Gebelikte düzenli kontroller yapılmalı

Bir çocuğun, kalp hastası olarak doğmasını önlemek mümkün mü?

Yüzde yüz önlemek mümkün değil. Ama risk azaltıla­bilir. Gebe kalan kadının mutlaka hekim tarafından dü­zenli kontrollerini yaptırması lazım en başta.

Her kadın için mi?

Mümkün olduğu kadar her kadın için. Yapılması gere­ken ultrasonografik yöntemler var. Özellikle çocuk ve eriş­kinlerde kalp hastalığı tanısı için kullanılan ultrason yön­temi, anne karnındaki bebeğin kalbini incelemek için de kullanılıyor. "Fetal ekokardiyografi" deniliyor. Eğer bebe­ğin kalbinde çok ağır bir bozukluk varsa, gebelik sonlandırılabilir. Alınacak önlemlerle doğum sırasında veya son­rasındaki riskler azaltılabilir. Her gebede değil, ama hekim tarafından uygun görülenlerde yapılabilecek yeni bir yön­tem.

Gebelik sırasında anne karnında yapılacak kontrolleri anlatır mısınız?

Normal bir gebelik takibinde zaten ultrasonografi yapı­lıyor. Kadın doğum veya radyoloji uzmanı tarafından ya­pılan ultrasonografi gebeliğin genel gidişini izliyor. Doğuş­tan kalp hastalığı yönünden yüksek riskli gebelerde, örne­ğin ailesinde sık doğuştan kalp hastalığı bulunanlarda, şe­ker hastalarında, gebelik sırasında bebeğe zararlı olabile­cek ilaç veya maddeleri kullananlarda, bazı virüs enfeksi­yonları geçirenlerde bebeğin kalbi yine ultrasonla çocuk kalp hastalıkları uzmanları tarafından incelenir. Yine yük­sek riskli gebelerde anne rahminden alınan sıvı, kromo­zom bozuklukları yönünden araştırılır.

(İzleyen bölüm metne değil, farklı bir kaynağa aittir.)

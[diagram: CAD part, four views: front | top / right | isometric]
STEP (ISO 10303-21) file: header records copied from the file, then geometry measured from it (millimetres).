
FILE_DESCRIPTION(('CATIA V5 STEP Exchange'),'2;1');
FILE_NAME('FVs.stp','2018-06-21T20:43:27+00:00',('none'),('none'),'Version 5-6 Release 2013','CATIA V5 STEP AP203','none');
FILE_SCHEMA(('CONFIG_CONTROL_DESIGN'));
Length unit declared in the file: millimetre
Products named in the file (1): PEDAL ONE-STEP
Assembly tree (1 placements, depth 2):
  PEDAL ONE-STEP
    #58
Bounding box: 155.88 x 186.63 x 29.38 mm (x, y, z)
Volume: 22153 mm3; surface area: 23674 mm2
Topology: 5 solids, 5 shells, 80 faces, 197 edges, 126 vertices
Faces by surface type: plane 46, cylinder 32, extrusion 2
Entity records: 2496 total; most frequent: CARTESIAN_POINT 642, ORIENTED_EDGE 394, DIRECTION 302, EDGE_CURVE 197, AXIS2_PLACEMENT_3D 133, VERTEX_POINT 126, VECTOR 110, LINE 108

Fetal ekokardiyografide ne tür bozukluklar saptanı­yor?

Anne karnındaki bebeğin kalbinde bir bozukluk olup olmadığını, damarları, kalp kapaklarını son derece hassas bir şekilde inceleyebiliyor.

Doğan her çocuk muayene edilmeli

Yeni doğan bebeğin doğumsal kalp hastası olup olma­dığını anlamanın püf noktaları var mı?

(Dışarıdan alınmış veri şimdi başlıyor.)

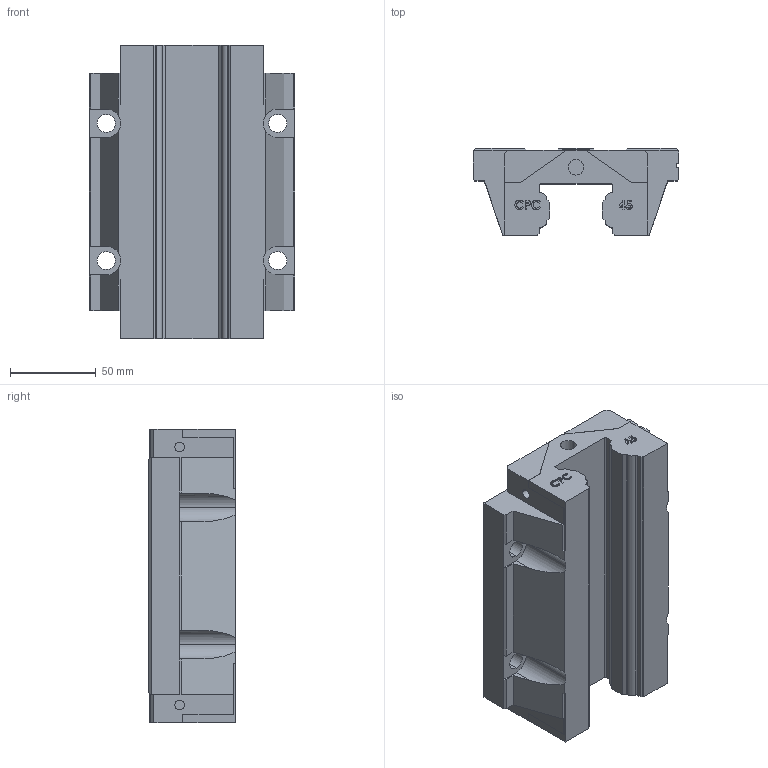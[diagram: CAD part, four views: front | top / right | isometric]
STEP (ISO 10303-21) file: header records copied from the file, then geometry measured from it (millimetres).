
FILE_DESCRIPTION (( 'STEP AP214' ), '1' );
FILE_NAME ('HRC45FL-block.STEP', '2013-03-11T10:25:20', ( 'CPC' ), ( '' ), 'SwSTEP 2.0', 'SolidWorks 2010', '' );
FILE_SCHEMA (( 'AUTOMOTIVE_DESIGN' ));
Length unit declared in the file: millimetre
Products named in the file (1): HRC45FL-block
Bounding box: 120 x 50.7 x 171.5 mm (x, y, z)
Volume: 664016.3 mm3; surface area: 78112.5 mm2
Topology: 1 solids, 1 shells, 341 faces, 925 edges, 610 vertices
Faces by surface type: plane 214, bspline 62, cylinder 57, cone 8
Entity records: 17257 total; most frequent: CARTESIAN_POINT 8039, ORIENTED_EDGE 1850, DIRECTION 1475, EDGE_CURVE 925, VECTOR 671, LINE 671, VERTEX_POINT 610, AXIS2_PLACEMENT_3D 402

Doğan her çocuk bir çocuk hastalıkları uzmanı, yok­sa bir doktor tarafından muayene edilmeli. Bu muayene­lerin düzenli sürdürülmesi lazım. Bu muayenelerde bazı bulgular saptanabilir, kalpte olmaması gereken bazı ses­ler, üfürümler duyulabilir ve ileri incelemeler için büyük merkezlere yollanırlar. Çocukların hastalıklarına bağlı bazı şikayetleri olabilir, meme emerken yorulma, kilo alamama, sık nefes alma, çarpıntı, morarma, gelişme ge­riliği gibi. Çocuk büyüdükten sonra çabuk yorulma, ba­yılma gibi şikayetleri olabilir, bunları değerlendiren ço­cuk doktoru gerekirse bir çocuk kalp hastalıkları uzma­nına sevk eder. Muayene ve EKG, röntgen, kalbin ultra-sonla incelenmesi olan ekokardiyografi gibi incelemeler sonunda tanı konulur. Nadiren bazen kateterle inceleme gerekir. Ama çoğunlukla muayene ve ekokardiyografiyle tanı konur. Çocuk kalp hastalıkları uzmanları çok önem­li bu konuda. Bütün bu incelemeler hep onlar tarafından yapılır.